Weslang: is a standalone WEb Service to detect the LANGuage of a given piece of text.
It works by executing both CLD2 and Language-Detection.
The exposed API is very simple:
host:8080/detect?q=<TEXT>
The endpoint also supports POST
requests in case longer payloads are required.
The response will be a JSON document like the following:
{
"language": "en",
"confidence": 0.99
}
Where language is the ISO_639-1 code of the language (except for Chinese in which the locale is also returned, that is the result would be either zh-cn or zh-tw).
Additional endpoints for checking the health of the webservice will be exposed at localhost:9001.
Among the endopoints one can find
- http://localhost:9001/health
- http://localhost:9001/metrics
- http://localhost:9001/env
- http://localhost:9001/info
- http://localhost:9001/mappings
- http://localhost:9001/trace
This is done automatically by the Spring-Boot framework, via the Actuator plugin.
This project includes two components that could easily be a project on their own.
Using JNA a Java interface is exposed for getting the language via the CLD2 library.

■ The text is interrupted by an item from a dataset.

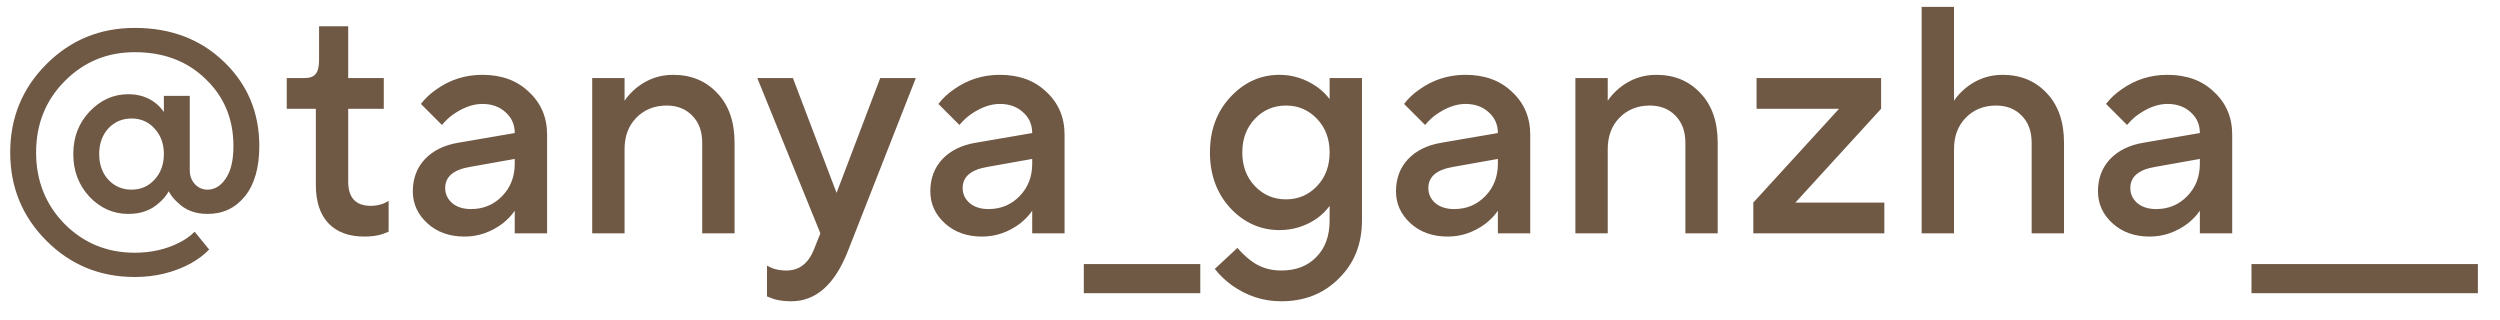 <?xml version="1.0" encoding="UTF-8"?> <svg xmlns="http://www.w3.org/2000/svg" width="86" height="11" viewBox="0 0 86 11" fill="none"><path d="M3.723 6.179C3.938 6.409 4.206 6.524 4.525 6.524C4.844 6.524 5.107 6.409 5.315 6.179C5.53 5.949 5.637 5.656 5.637 5.3C5.637 4.944 5.53 4.651 5.315 4.421C5.107 4.191 4.844 4.076 4.525 4.076C4.206 4.076 3.938 4.191 3.723 4.421C3.516 4.651 3.412 4.944 3.412 5.3C3.412 5.656 3.516 5.949 3.723 6.179ZM6.695 7.971L7.195 8.583C7.025 8.761 6.813 8.921 6.561 9.062C5.982 9.373 5.341 9.529 4.636 9.529C3.441 9.529 2.429 9.114 1.598 8.283C0.767 7.452 0.351 6.439 0.351 5.244C0.351 4.05 0.767 3.037 1.598 2.206C2.429 1.375 3.441 0.96 4.636 0.96C5.875 0.96 6.899 1.349 7.707 2.128C8.516 2.907 8.92 3.872 8.92 5.022C8.92 5.771 8.753 6.35 8.42 6.758C8.093 7.159 7.667 7.359 7.14 7.359C6.717 7.359 6.376 7.229 6.116 6.969C5.982 6.851 5.878 6.721 5.804 6.58C5.723 6.728 5.615 6.858 5.482 6.969C5.207 7.229 4.851 7.359 4.413 7.359C3.901 7.359 3.456 7.162 3.078 6.769C2.707 6.368 2.521 5.879 2.521 5.3C2.521 4.721 2.707 4.235 3.078 3.842C3.456 3.442 3.901 3.241 4.413 3.241C4.784 3.241 5.099 3.345 5.359 3.553C5.463 3.635 5.556 3.735 5.637 3.853V3.297H6.528V5.857C6.528 6.049 6.587 6.209 6.706 6.335C6.824 6.461 6.969 6.524 7.14 6.524C7.385 6.524 7.592 6.398 7.763 6.146C7.941 5.894 8.03 5.519 8.03 5.022C8.03 4.095 7.711 3.327 7.073 2.718C6.442 2.103 5.63 1.795 4.636 1.795C3.686 1.795 2.881 2.128 2.221 2.796C1.568 3.456 1.242 4.273 1.242 5.244C1.242 6.216 1.568 7.036 2.221 7.704C2.881 8.364 3.686 8.694 4.636 8.694C5.207 8.694 5.723 8.576 6.183 8.338C6.376 8.242 6.546 8.119 6.695 7.971ZM10.865 6.357V3.742H9.864V2.685H10.476C10.654 2.685 10.78 2.64 10.854 2.551C10.936 2.455 10.976 2.295 10.976 2.073V0.904H11.978V2.685H13.202V3.742H11.978V6.246C11.978 6.802 12.238 7.081 12.757 7.081C12.905 7.081 13.05 7.055 13.191 7.003L13.369 6.914V7.971L13.135 8.06C12.965 8.112 12.764 8.138 12.534 8.138C12 8.138 11.589 7.986 11.299 7.682C11.01 7.377 10.865 6.936 10.865 6.357ZM17.707 8.027V7.248C17.603 7.403 17.462 7.552 17.284 7.693C16.883 7.99 16.449 8.138 15.982 8.138C15.462 8.138 15.036 7.986 14.702 7.682C14.368 7.377 14.201 7.01 14.201 6.58C14.201 6.142 14.338 5.775 14.613 5.478C14.895 5.181 15.277 4.992 15.759 4.911L17.707 4.577C17.707 4.287 17.603 4.05 17.395 3.865C17.187 3.672 16.92 3.575 16.594 3.575C16.267 3.575 15.93 3.698 15.581 3.942C15.455 4.031 15.329 4.15 15.203 4.299L14.479 3.575C14.628 3.382 14.806 3.215 15.014 3.074C15.481 2.741 16.008 2.574 16.594 2.574C17.254 2.574 17.788 2.77 18.196 3.163C18.612 3.549 18.82 4.039 18.82 4.632V8.027H17.707ZM17.707 5.634V5.467L16.149 5.745C15.592 5.842 15.314 6.083 15.314 6.469C15.314 6.669 15.392 6.84 15.548 6.981C15.711 7.121 15.93 7.192 16.204 7.192C16.627 7.192 16.983 7.044 17.273 6.747C17.562 6.45 17.707 6.079 17.707 5.634ZM20.372 8.027V2.685H21.485V3.464C21.596 3.301 21.734 3.152 21.897 3.019C22.268 2.722 22.687 2.574 23.154 2.574C23.778 2.574 24.286 2.785 24.679 3.208C25.072 3.623 25.269 4.191 25.269 4.911V8.027H24.156V4.911C24.156 4.517 24.041 4.206 23.811 3.976C23.588 3.746 23.295 3.631 22.932 3.631C22.509 3.631 22.16 3.772 21.886 4.054C21.619 4.328 21.485 4.688 21.485 5.133V8.027H20.372ZM26.385 10.197V9.139C26.415 9.154 26.478 9.184 26.574 9.229C26.715 9.28 26.875 9.306 27.053 9.306C27.491 9.306 27.806 9.065 27.999 8.583L28.221 8.027L26.051 2.685H27.276L28.778 6.636L30.28 2.685H31.504L29.167 8.639C28.715 9.789 28.066 10.364 27.22 10.364C26.99 10.364 26.79 10.338 26.619 10.286L26.385 10.197ZM35.508 8.027V7.248C35.404 7.403 35.263 7.552 35.085 7.693C34.684 7.99 34.251 8.138 33.783 8.138C33.264 8.138 32.837 7.986 32.503 7.682C32.169 7.377 32.003 7.01 32.003 6.58C32.003 6.142 32.14 5.775 32.414 5.478C32.696 5.181 33.078 4.992 33.561 4.911L35.508 4.577C35.508 4.287 35.404 4.05 35.197 3.865C34.989 3.672 34.722 3.575 34.395 3.575C34.069 3.575 33.731 3.698 33.383 3.942C33.256 4.031 33.13 4.15 33.004 4.299L32.281 3.575C32.429 3.382 32.607 3.215 32.815 3.074C33.282 2.741 33.809 2.574 34.395 2.574C35.056 2.574 35.59 2.77 35.998 3.163C36.413 3.549 36.621 4.039 36.621 4.632V8.027H35.508ZM35.508 5.634V5.467L33.95 5.745C33.394 5.842 33.115 6.083 33.115 6.469C33.115 6.669 33.193 6.84 33.349 6.981C33.512 7.121 33.731 7.192 34.006 7.192C34.429 7.192 34.785 7.044 35.074 6.747C35.363 6.45 35.508 6.079 35.508 5.634ZM37.283 10.085V9.084H41.29V10.085H37.283ZM41.789 9.251L42.568 8.527C42.701 8.683 42.835 8.813 42.968 8.917C43.28 9.177 43.647 9.306 44.07 9.306C44.582 9.306 44.986 9.151 45.283 8.839C45.587 8.535 45.739 8.116 45.739 7.581V7.081C45.628 7.236 45.487 7.377 45.316 7.504C44.923 7.778 44.489 7.915 44.014 7.915C43.362 7.915 42.798 7.663 42.323 7.159C41.855 6.647 41.622 6.009 41.622 5.244C41.622 4.48 41.855 3.846 42.323 3.341C42.798 2.83 43.362 2.574 44.014 2.574C44.482 2.574 44.916 2.715 45.316 2.996C45.48 3.115 45.621 3.252 45.739 3.408V2.685H46.852V7.581C46.852 8.39 46.589 9.054 46.062 9.573C45.543 10.1 44.879 10.364 44.07 10.364C43.454 10.364 42.887 10.178 42.367 9.807C42.138 9.637 41.945 9.451 41.789 9.251ZM43.169 6.402C43.458 6.706 43.814 6.858 44.237 6.858C44.66 6.858 45.016 6.706 45.305 6.402C45.595 6.098 45.739 5.712 45.739 5.244C45.739 4.777 45.595 4.391 45.305 4.087C45.016 3.783 44.66 3.631 44.237 3.631C43.814 3.631 43.458 3.783 43.169 4.087C42.879 4.391 42.735 4.777 42.735 5.244C42.735 5.712 42.879 6.098 43.169 6.402ZM51.527 8.027V7.248C51.423 7.403 51.282 7.552 51.104 7.693C50.704 7.99 50.27 8.138 49.802 8.138C49.283 8.138 48.856 7.986 48.522 7.682C48.189 7.377 48.022 7.01 48.022 6.58C48.022 6.142 48.159 5.775 48.433 5.478C48.715 5.181 49.097 4.992 49.58 4.911L51.527 4.577C51.527 4.287 51.423 4.05 51.215 3.865C51.008 3.672 50.741 3.575 50.414 3.575C50.088 3.575 49.75 3.698 49.402 3.942C49.276 4.031 49.149 4.15 49.023 4.299L48.3 3.575C48.448 3.382 48.626 3.215 48.834 3.074C49.301 2.741 49.828 2.574 50.414 2.574C51.075 2.574 51.609 2.77 52.017 3.163C52.432 3.549 52.64 4.039 52.64 4.632V8.027H51.527ZM51.527 5.634V5.467L49.969 5.745C49.413 5.842 49.135 6.083 49.135 6.469C49.135 6.669 49.212 6.84 49.368 6.981C49.531 7.121 49.75 7.192 50.025 7.192C50.448 7.192 50.804 7.044 51.093 6.747C51.383 6.45 51.527 6.079 51.527 5.634ZM54.193 8.027V2.685H55.306V3.464C55.417 3.301 55.554 3.152 55.717 3.019C56.088 2.722 56.508 2.574 56.975 2.574C57.598 2.574 58.106 2.785 58.499 3.208C58.893 3.623 59.089 4.191 59.089 4.911V8.027H57.977V4.911C57.977 4.517 57.861 4.206 57.632 3.976C57.409 3.746 57.116 3.631 56.752 3.631C56.33 3.631 55.981 3.772 55.706 4.054C55.439 4.328 55.306 4.688 55.306 5.133V8.027H54.193ZM60.314 8.027V6.969L63.263 3.742H60.426V2.685H64.71V3.742L61.761 6.969H64.821V8.027H60.314ZM66.105 8.027V0.237H67.218V3.464C67.329 3.301 67.466 3.152 67.63 3.019C68.001 2.722 68.42 2.574 68.887 2.574C69.51 2.574 70.019 2.785 70.412 3.208C70.805 3.623 71.002 4.191 71.002 4.911V8.027H69.889V4.911C69.889 4.517 69.774 4.206 69.544 3.976C69.321 3.746 69.028 3.631 68.665 3.631C68.242 3.631 67.893 3.772 67.619 4.054C67.352 4.328 67.218 4.688 67.218 5.133V8.027H66.105ZM75.675 8.027V7.248C75.571 7.403 75.43 7.552 75.252 7.693C74.852 7.99 74.418 8.138 73.95 8.138C73.431 8.138 73.004 7.986 72.671 7.682C72.337 7.377 72.17 7.01 72.17 6.58C72.17 6.142 72.307 5.775 72.582 5.478C72.864 5.181 73.246 4.992 73.728 4.911L75.675 4.577C75.675 4.287 75.571 4.05 75.364 3.865C75.156 3.672 74.889 3.575 74.562 3.575C74.236 3.575 73.898 3.698 73.55 3.942C73.424 4.031 73.297 4.15 73.171 4.299L72.448 3.575C72.596 3.382 72.774 3.215 72.982 3.074C73.45 2.741 73.976 2.574 74.562 2.574C75.223 2.574 75.757 2.77 76.165 3.163C76.58 3.549 76.788 4.039 76.788 4.632V8.027H75.675ZM75.675 5.634V5.467L74.117 5.745C73.561 5.842 73.283 6.083 73.283 6.469C73.283 6.669 73.361 6.84 73.516 6.981C73.68 7.121 73.898 7.192 74.173 7.192C74.596 7.192 74.952 7.044 75.241 6.747C75.531 6.45 75.675 6.079 75.675 5.634ZM77.451 10.085V9.084H81.457V10.085H77.451ZM81.233 10.085V9.084H85.239V10.085H81.233Z" fill="#6F5844"></path></svg>

The code lives in //java/com/deezer/research/cld2
In //third-party/java/language-detection-v2
we have a fork of
language-detection.
The main changes we did, was to remove the randomization and some performance improvements. See the file THIRD_PARTY.yaml in that folder for a comprehensive list of changes.
To build and test this project BUCK is required and also Java 7. That means that it cannot be built under Windows.
$ buck test --all
$ buck build //java/com/deezer/research/language:detection_app
The build command generated a file called
buck-out/gen/java/com/deezer/research/language/detection_app.jar
, which is a
self contained binary.
To run it just execute:
$ java -jar detection_app.jar
If for some reason you don't want or can't execute both detectors, you could run:
$ java -jar detection_app.jar --spring.profiles.active=java_only
$ java -jar detection_app.jar --spring.profiles.active=cld2
$ java -jar detection_app.jar --spring.profiles.active=both
Currently the Cld2 bindings are only generated for linux-x86-64
, so if your
machine is different it probably won't work. In such a case, just execute it
with the java_only
profile.
This project is possible to several Open Source Projects
- Spring-Boot: Java Framework.
- CLD2: The language detector built into Chrome.
- Language-Detection: Language detector provided by Cybozu Labs.
- BUCK: build system released by Facebook.
- Guava: Additional Java libraries provided By Google.
- JNA: Libary to easily integrate C libraries with Java.
This project is released under the Apache 2.0 License.